Use these guidelines to keep multi-tenant or long-running NodeTool deployments stable. All examples reuse the mem_limit and cpus fields supported by the proxy and self-hosted deployment schemas.

Baseline Settings

  • Set memory and CPU caps for every service to avoid noisy-neighbor issues.

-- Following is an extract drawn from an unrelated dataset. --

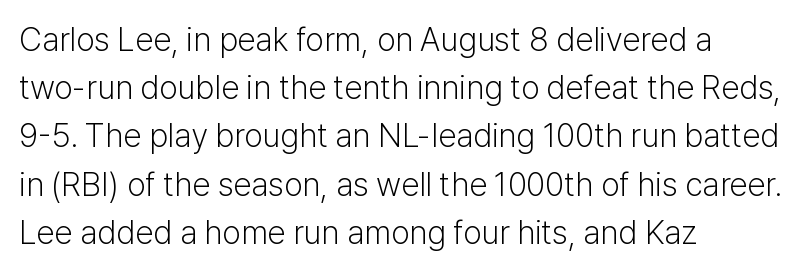
The image shows 33 px light sans-serif type, upright; set left-aligned, normal line spacing (1.46x), normal letter spacing, not underlined; low stroke contrast and a medium x-height.
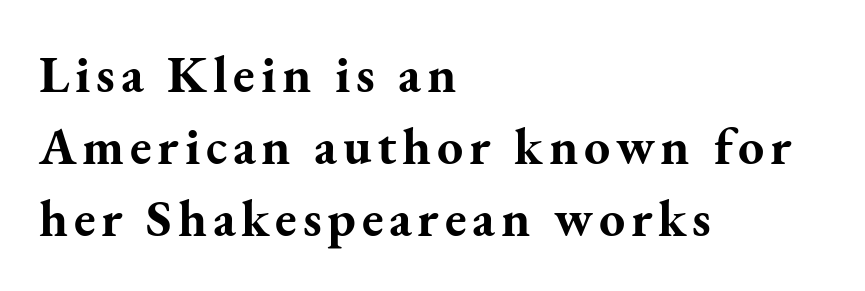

Start with mem_limit: 8g and cpus: 4 for GPU hosts, then tune from docker stats.
  • Keep Hugging Face caches mounted read-only; mount workspaces read/write only where necessary.
  • Prefer idle_timeout on the proxy to stop idle services instead of leaving them running indefinitely.
  • Keep /tmp and workspace volumes on fast disks; avoid sharing /tmp across unrelated services.

Proxy-Managed Services

Example excerpt in proxy.yaml (rendered by nodetool deploy apply):

services:
  - name: nodetool-worker
    path: /
    image: nodetool:latest
    mem_limit: 8g
    cpus: 4
    environment:
      PORT: "8000"
      HF_HOME: /hf-cache
    volumes:
      /data/nodetool/workspace:
        bind: /workspace
        mode: rw
      /data/hf-cache:
        bind: /hf-cache
        mode: ro
  • Increase mem_limit for heavy diffusion workloads; lower it for CPU-only chat nodes.
  • Use read-only mounts (mode: ro) for shared caches to prevent accidental mutation.
  • When using connect_mode: host_port, ensure published ports do not conflict with other services on the host.

Local Docker Runs

For standalone containers or quick tests:

docker run --gpus all \
  --memory 8g --cpus 4 \
  -v /data/nodetool/workspace:/workspace \
  -v /data/hf-cache:/hf-cache:ro \
  -e HF_HOME=/hf-cache \
  -p 8000:8000 \
  nodetool:latest
  • Use --memory-reservation to set soft limits when co-locating multiple workers.
  • Keep per-run tmp data on the workspace volume (e.g., TMPDIR=/workspace/tmp) so it persists through restarts.

Monitoring and Tuning

  • Watch docker stats or nodetool proxy-status --follow to catch containers hitting limits or restarting.
  • If runs are OOM-killed, lower batch sizes in your workflows or increase mem_limit incrementally.
  • For storage-heavy jobs, pair limits with the guidance in Storage to ensure caches and outputs have enough space.